Figure 7. Checking Polling Method
Polling for Continually Changing Networking Objects
Even with Reduce Polling VNE enabled, ANA will periodically poll for updates about continually changing network objects. ANA obtains updates for continually changing network objects at regular intervals, defined by the administrable Configuration Interval value (typically 15 min). These continually changing network objects include routing and forwarding tables, Bidirectional Forwarding Detection (BFD) sessions, label switching (LSP) tables, and so on.
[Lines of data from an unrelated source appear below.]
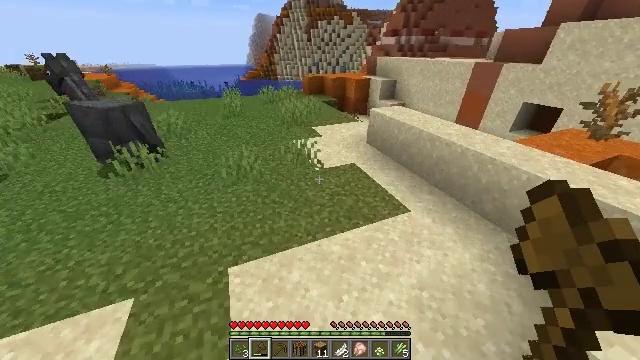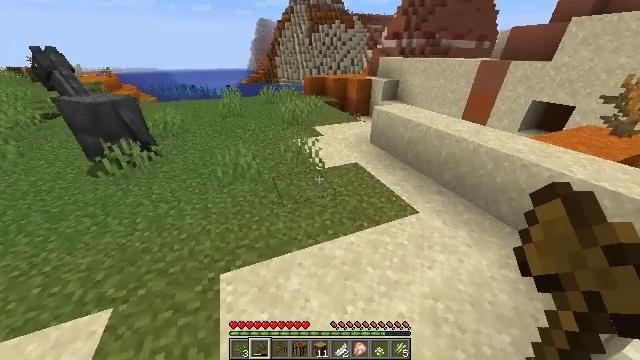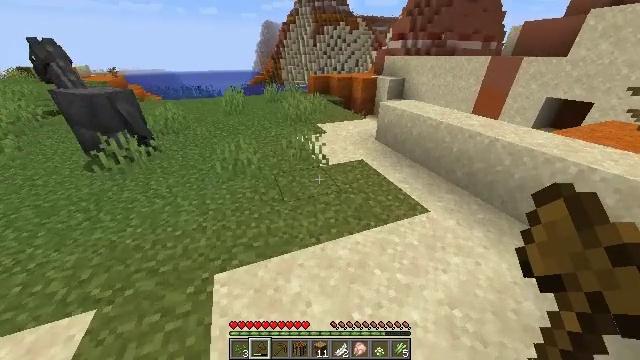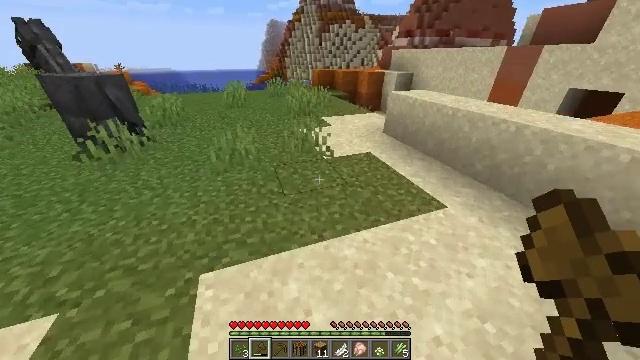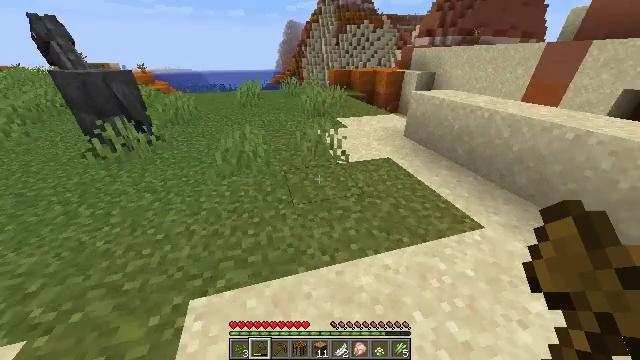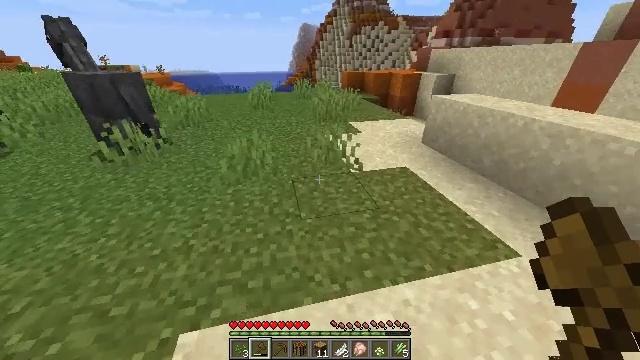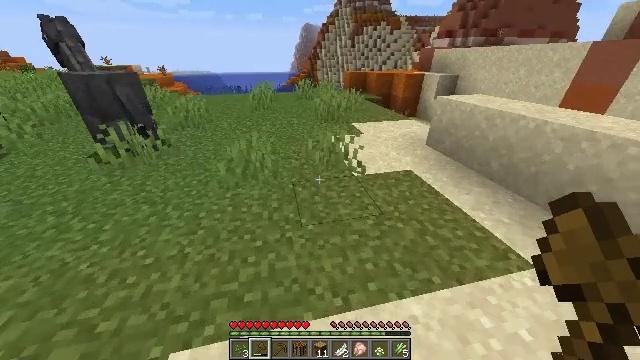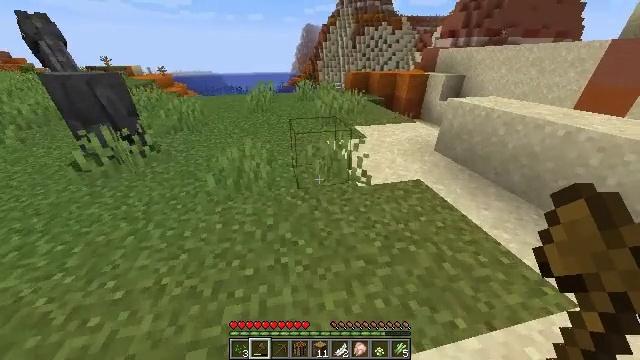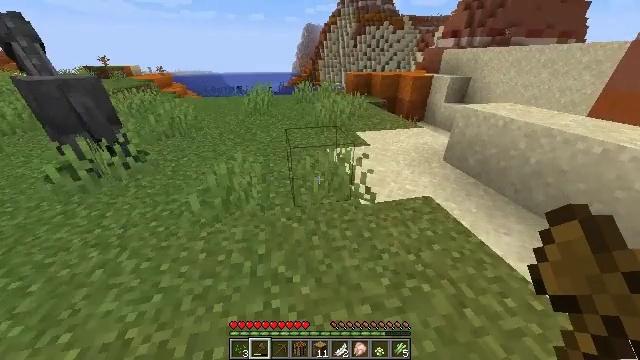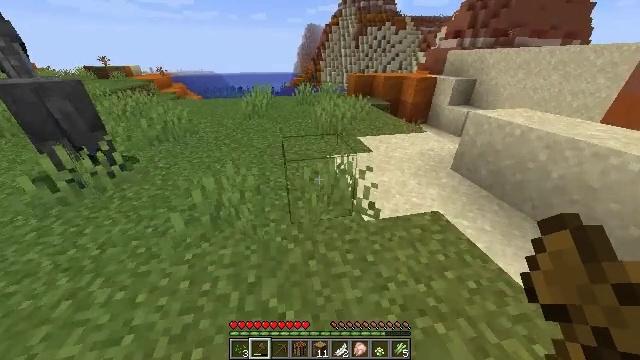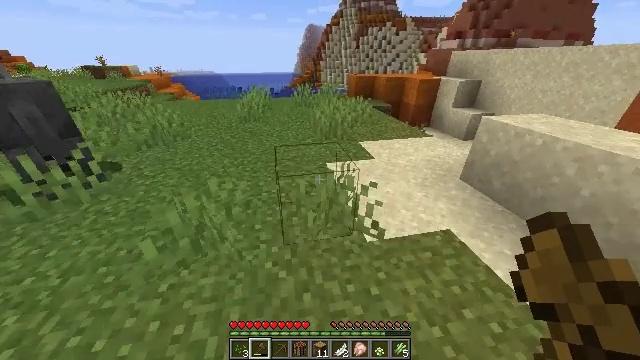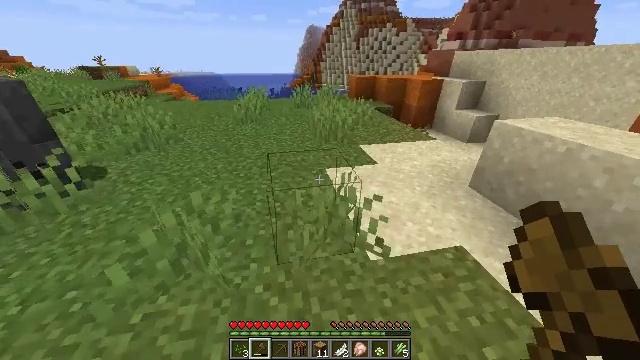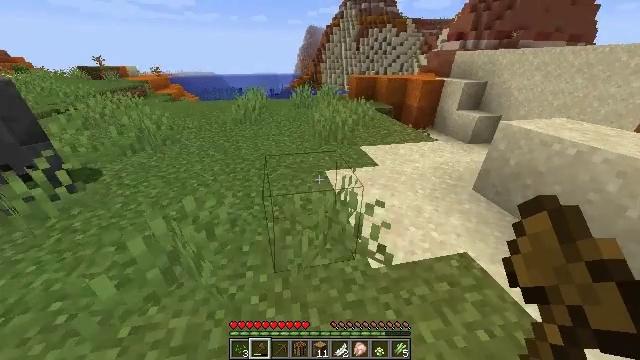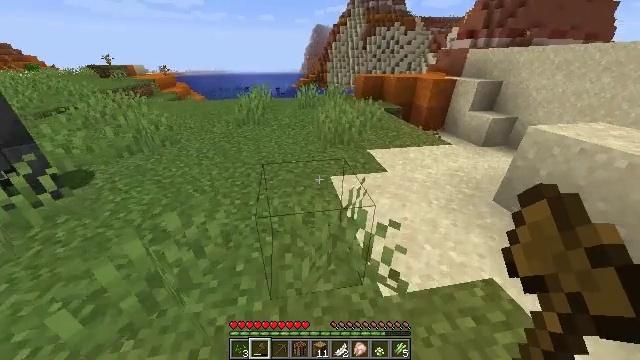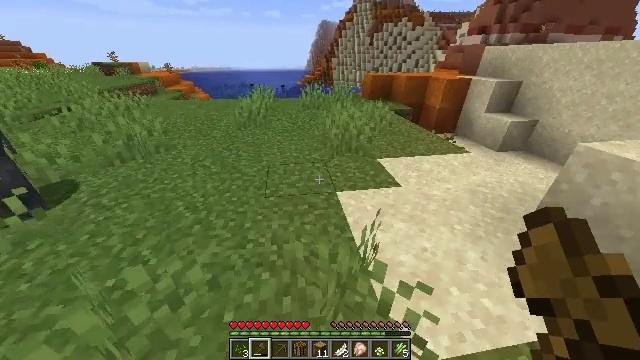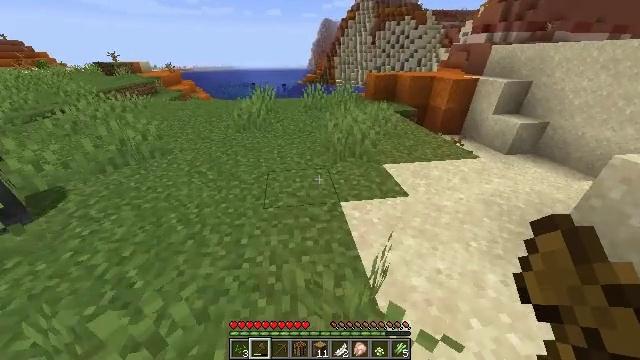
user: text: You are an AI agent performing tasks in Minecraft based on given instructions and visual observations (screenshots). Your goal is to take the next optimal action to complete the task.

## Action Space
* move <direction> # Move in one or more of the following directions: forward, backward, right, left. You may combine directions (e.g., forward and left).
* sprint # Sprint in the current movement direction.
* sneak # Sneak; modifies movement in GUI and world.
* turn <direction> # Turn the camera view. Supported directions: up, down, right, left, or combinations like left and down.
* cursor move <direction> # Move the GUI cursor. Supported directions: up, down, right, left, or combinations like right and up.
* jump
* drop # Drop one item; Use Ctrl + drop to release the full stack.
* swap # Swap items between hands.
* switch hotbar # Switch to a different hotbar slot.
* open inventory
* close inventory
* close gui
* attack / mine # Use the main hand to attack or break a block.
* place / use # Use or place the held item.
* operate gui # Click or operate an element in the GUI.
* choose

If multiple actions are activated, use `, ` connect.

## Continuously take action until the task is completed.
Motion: motion action
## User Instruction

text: Left click to mine the dead bush.
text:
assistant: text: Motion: move forward, sprint
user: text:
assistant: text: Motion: move forward, sprint, turn left
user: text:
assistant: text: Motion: move forward, turn left
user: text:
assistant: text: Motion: move forward, turn left
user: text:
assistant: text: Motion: move forward, turn left
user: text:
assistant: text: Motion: move forward
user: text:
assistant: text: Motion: move forward
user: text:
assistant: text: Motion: move forward
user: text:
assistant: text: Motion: move forward
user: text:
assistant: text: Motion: move forward
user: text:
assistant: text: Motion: move forward
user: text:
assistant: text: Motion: move forward
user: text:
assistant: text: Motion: move forward, turn left
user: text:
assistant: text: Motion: move forward, turn left
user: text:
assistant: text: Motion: move forward
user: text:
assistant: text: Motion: move forward
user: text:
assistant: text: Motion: move forward
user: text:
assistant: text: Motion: move forward
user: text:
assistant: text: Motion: move forward
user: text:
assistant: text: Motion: move forward
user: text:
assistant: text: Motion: move forward
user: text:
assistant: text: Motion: move forward, turn right
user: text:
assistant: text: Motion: move forward
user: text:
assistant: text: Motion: move forward, turn left
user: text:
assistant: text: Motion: move forward, turn left
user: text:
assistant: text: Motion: move forward
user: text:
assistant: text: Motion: move forward
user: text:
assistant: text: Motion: move forward
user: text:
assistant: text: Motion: move forward
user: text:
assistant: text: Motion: move forward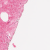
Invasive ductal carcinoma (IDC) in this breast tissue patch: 0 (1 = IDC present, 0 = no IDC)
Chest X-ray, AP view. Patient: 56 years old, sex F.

Benchmark of Reduced Polling VNE
The following benchmark illustrates the drastic reduction in commands sent by ANA to a network element when the Reduced Polling VNE is enabled versus using the regular polling VNE. This illustration uses command counts collected from a 7600 and an ASR 9000 device that are located within a Carrier Ethernet network. That network was configured with Multiprotocol Label Switching (MPLS), Virtual Private LAN Services (VPLS), and corresponding Pseudowires traversing the MPLS network. The data was collected for a one-hour period after the initial discovery and after the VNE reached the operational state. Total commands include the SNMP and Telnet commands. The observed command counts for a 7600 device and an ASR 9000 device follow:
7600 device:
ASR 9000 device:
As expected, a reduction in CPU load on network elements has also been observed. The example in Figure 8 illustrates a drastic reduction in CPU load observed on the ASR 9000.
Figure 8. CPU Load Example
Summary
Cisco ANA's near-real-time model relies on accurate information about the managed network. This information can be obtained through asynchronous notifications from network elements or through repeated polling of the network element.
Repeated polling imposes a burden on network elements and overhead on the telemetry network and on ANA servers. To relieve that burden and overhead, a new feature has been created within Cisco ANA's VNE framework called Reduced Polling VNE.
This Reduced Polling VNE feature implements a low overhead method for keeping ANA's device information synchronized with network elements in a timely manner without the drawbacks of repeated polling.